When the trial gets under way with jury selection
on Tuesday, Margolin said he'll try to find Internet-savvy people to serve
on the panel.
"We'd like to have people who are really savvy,"
he said. "Savvy people would know what these chat rooms are like."
Fantasy testimony The defense was hoping to introduce
testimony from an expert witness who would say that as many as two-thirds
of all visitors to Internet chat rooms fake their age or gender. However,
Federal Judge Edward Rafeedie clamped down on that evidence during a pretrial
hearing, saying he was hesitant to allow the fantasy testimony because
it didn't seem relevant.
"The defendant isn't on trial for what he said, he's
on trial for what he did," the judge said at the hearing. In a later ruling
on the issue, Rafeedie said he would only allow expert testimony on the
role-playing issue if Naughton takes the stand and says he believes he
chatted with people who regularly faked their identities.

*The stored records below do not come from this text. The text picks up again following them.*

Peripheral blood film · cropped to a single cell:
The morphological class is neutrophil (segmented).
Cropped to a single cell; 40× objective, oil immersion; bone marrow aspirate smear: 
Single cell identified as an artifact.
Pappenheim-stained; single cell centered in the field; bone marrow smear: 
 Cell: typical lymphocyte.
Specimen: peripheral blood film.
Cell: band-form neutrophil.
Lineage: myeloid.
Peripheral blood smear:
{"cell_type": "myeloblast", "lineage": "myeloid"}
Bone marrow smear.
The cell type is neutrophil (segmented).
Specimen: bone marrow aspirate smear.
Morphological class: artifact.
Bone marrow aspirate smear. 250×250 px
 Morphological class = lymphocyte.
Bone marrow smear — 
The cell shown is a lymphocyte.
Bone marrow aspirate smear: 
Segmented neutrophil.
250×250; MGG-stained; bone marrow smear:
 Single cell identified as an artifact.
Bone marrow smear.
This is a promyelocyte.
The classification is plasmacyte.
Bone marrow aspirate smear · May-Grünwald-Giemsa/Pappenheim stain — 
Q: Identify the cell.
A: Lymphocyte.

Defense attorneys wouldn't comment on plans to put
Naughton on the stand except to say that most people expect that he will
testify.
The expert that defense attorneys hope to use is
Kimberly Young, a University of Pittsburgh researcher and "cyberpsychologist"
who wrote "Caught in the Net," a book about Internet addiction. She also
runs the site Netaddiction and has testified as an expert witness about
Internet-related behavior.
The Internet adds a new twist to efforts to reel
in pedophilia and child pornography.
While it makes it easier for law enforcement agents
posing as young children to bust suspects, it also allows for large-scale
distribution of child pornography and gives pedophiles easier access to
kids. What's more, Internet chat rooms muddy the waters because people
aren't always who they say they are.
After all, it's hard to argue that a person showing
up at an elementary school with a lollipop to talk to children doesn't
know he or she is dealing with minors. But a person chatting online with
someone claiming to be a 23-year-old woman may really be talking to a 70-year-old
man.
Chat room rules
Jennifer Granick, a defense attorney who's worked
for high-profile cybercrime defendants such as Kevin Poulsen, said the
defense will have to convince jurors that chat rooms have new rules.

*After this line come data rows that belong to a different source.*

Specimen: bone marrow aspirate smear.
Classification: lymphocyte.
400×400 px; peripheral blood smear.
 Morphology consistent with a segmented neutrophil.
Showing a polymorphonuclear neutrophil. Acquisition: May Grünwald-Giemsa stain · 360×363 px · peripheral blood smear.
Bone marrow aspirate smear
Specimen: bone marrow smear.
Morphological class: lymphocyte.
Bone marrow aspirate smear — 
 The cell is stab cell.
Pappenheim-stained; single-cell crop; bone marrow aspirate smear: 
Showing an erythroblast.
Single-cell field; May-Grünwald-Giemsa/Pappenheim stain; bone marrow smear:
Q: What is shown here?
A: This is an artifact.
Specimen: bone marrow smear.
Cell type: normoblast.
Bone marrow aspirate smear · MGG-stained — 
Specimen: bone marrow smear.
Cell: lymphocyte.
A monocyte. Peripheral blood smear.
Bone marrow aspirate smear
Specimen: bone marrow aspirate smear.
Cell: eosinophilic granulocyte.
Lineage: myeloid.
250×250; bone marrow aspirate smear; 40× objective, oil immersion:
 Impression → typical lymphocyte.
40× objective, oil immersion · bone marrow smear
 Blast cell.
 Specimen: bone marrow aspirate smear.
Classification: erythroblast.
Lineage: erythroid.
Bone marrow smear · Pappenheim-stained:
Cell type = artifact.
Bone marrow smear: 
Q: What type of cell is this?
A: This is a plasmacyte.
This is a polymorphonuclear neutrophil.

"The defense's task is to introduce to the jury the
world of the Internet chat room, to introduce that what goes on in an Internet
chat room isn't the same as what goes on in the real world," Granick said.
"The chat room by its very nature lends itself to fantasy."
Elayne Savage, who researches online relationships
and has written a book on the topic, called the defense strategy "creative."
"Why couldn't it be believable, because in cyberspace
there's so much role-playing going on," said Savage.
Savage also said there could have been something
in the FBI agent's tone during the pair's chat room conversations that
encouraged the role-playing. "He was on the receiving end of somebody who
was role playing, so there may be an element of role playing in the air,"
she said. Still, Savage said Naughton crossed a line if he intended to
meet a young girl.
Will defense strategy work? Susan Brenner, a cybercrime
expert and law professor at the University of Dayton School of Law, called
the Naughton lawyers' defense strategy "logical."
"But saying it's a logical defense doesn't mean it's
going to work," Brenner said.
According to an affidavit from the FBI agent posing
as the child, Naughton gave his real number and address. Therefore, prosecutors
said during a pretrial hearing, Naughton was not role-playing -- a point
they likely will bring up in trial.
The judge also cited that fact in his ruling on whether
Young can testify. "The defendant apparently did not assume another identity
while on the Internet, so her testimony is not relevant to explain his
behavior," Rafeedie wrote.
Brenner said the role-playing defense could hinge
on the make-up of the people who frequent the "dad&daughtersex" chat
room, where Naughton was caught. If the chat room usually attracts adults
and no children, that could bolster the role-playing defense, she said.
Brenner said it would be much harder to evoke the
role-playing defense in a case where someone was talking with kids in a
chat room devoted to dinosaurs or Pokemon.
"If you're in one of those chat rooms, there's a
high probability you know you're dealing with a minor," Brenner said.